**Extracted records:**
○ ○ ○ ○ ○ ○ ○

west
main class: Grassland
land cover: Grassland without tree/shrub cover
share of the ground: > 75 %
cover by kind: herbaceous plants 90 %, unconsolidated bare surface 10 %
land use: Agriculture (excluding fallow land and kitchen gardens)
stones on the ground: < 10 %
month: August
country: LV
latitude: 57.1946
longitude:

○ ○ ○ ○ ○ ○ ○

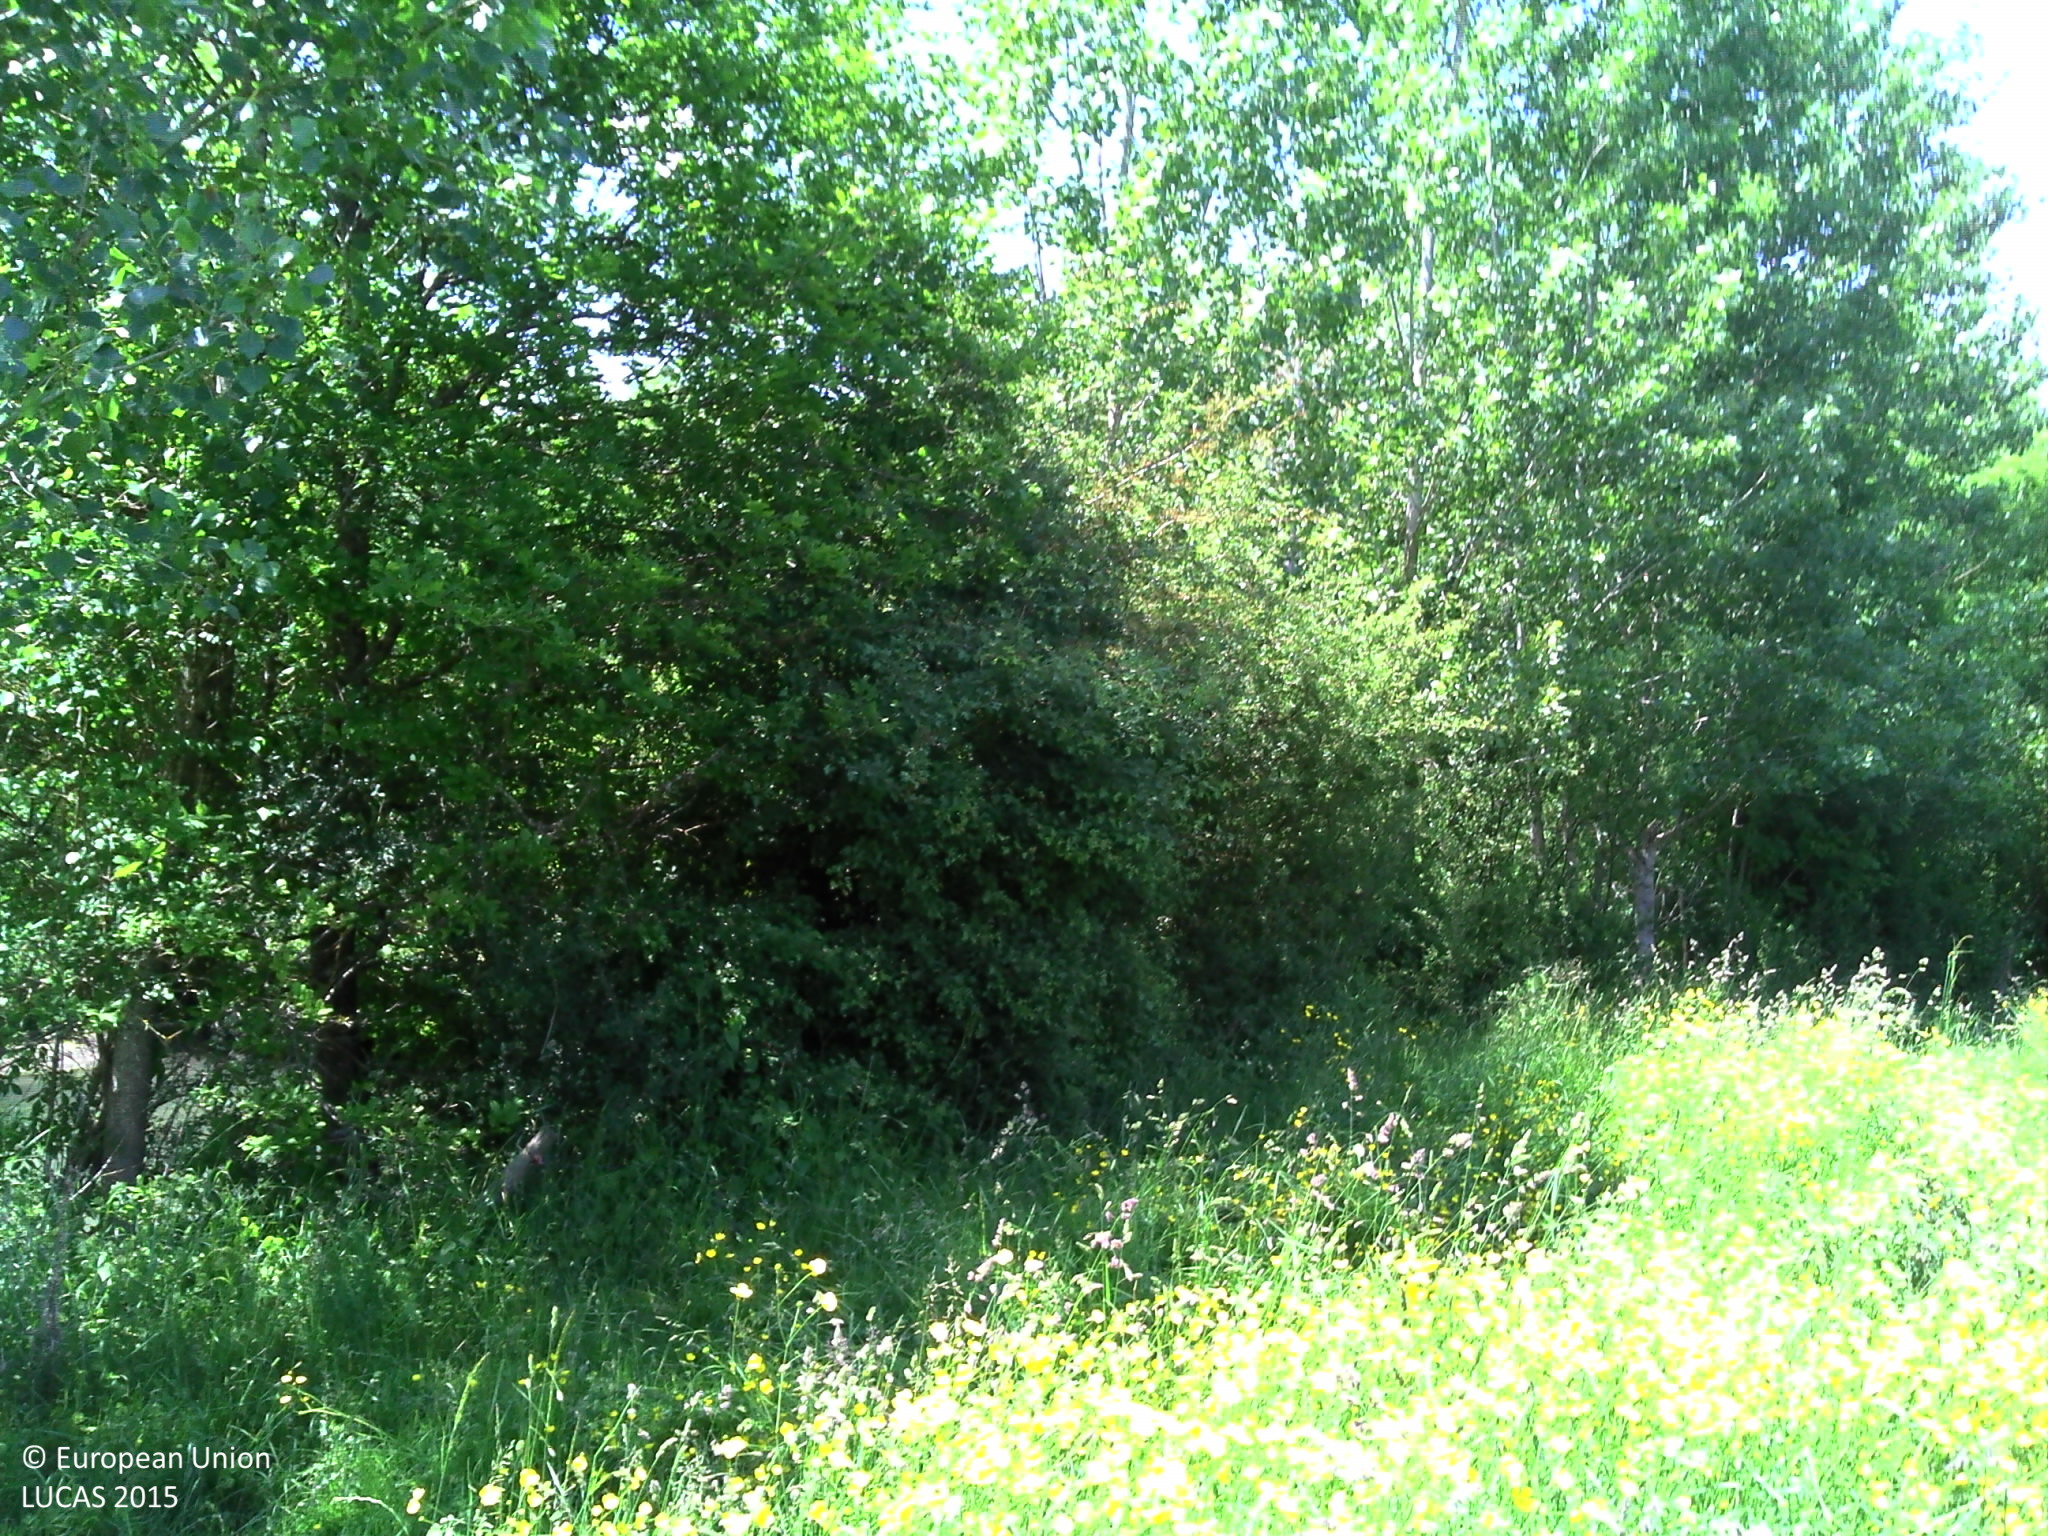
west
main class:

○ ○ ○ ○ ○ ○ ○

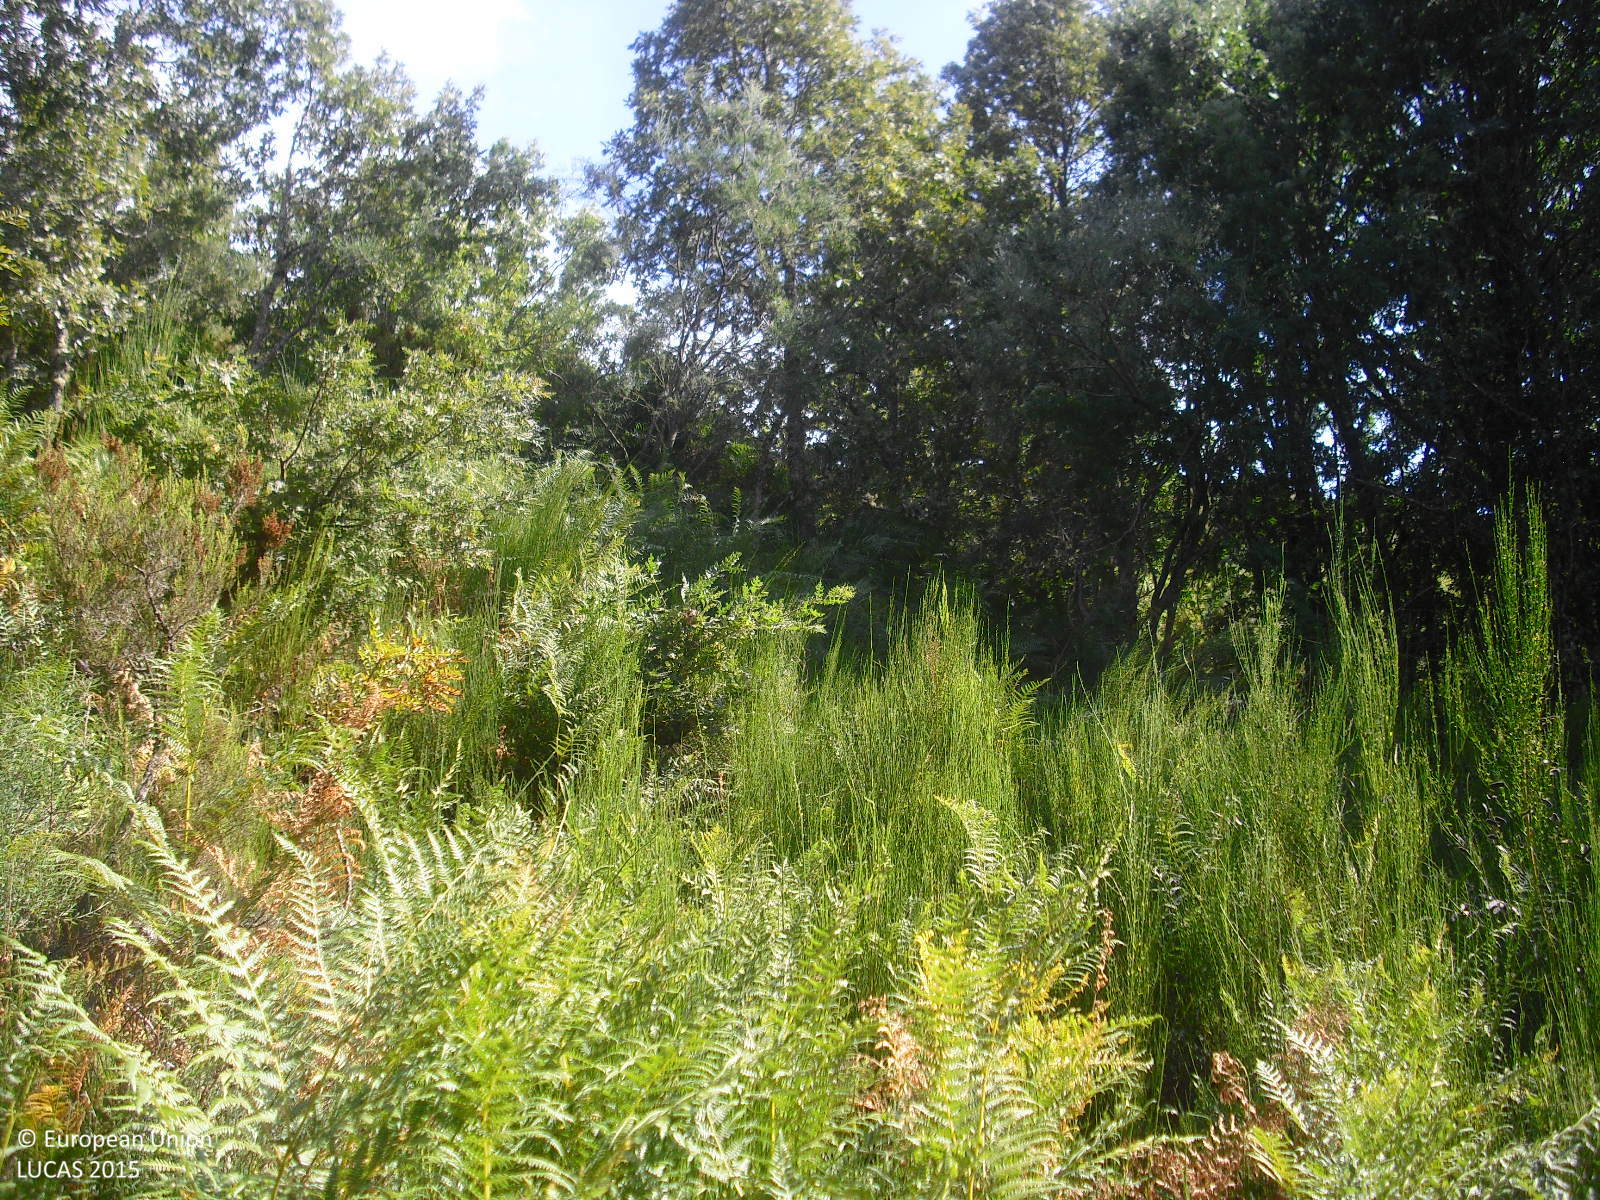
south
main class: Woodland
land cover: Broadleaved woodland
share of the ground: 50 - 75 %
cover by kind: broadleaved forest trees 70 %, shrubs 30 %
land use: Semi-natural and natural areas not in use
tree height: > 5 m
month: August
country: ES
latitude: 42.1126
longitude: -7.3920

○ ○ ○ ○ ○ ○ ○

**Exercise brief:**
Give the number of lines in the entries above that contain the string "ground", and nothing more.

**Task result:**
3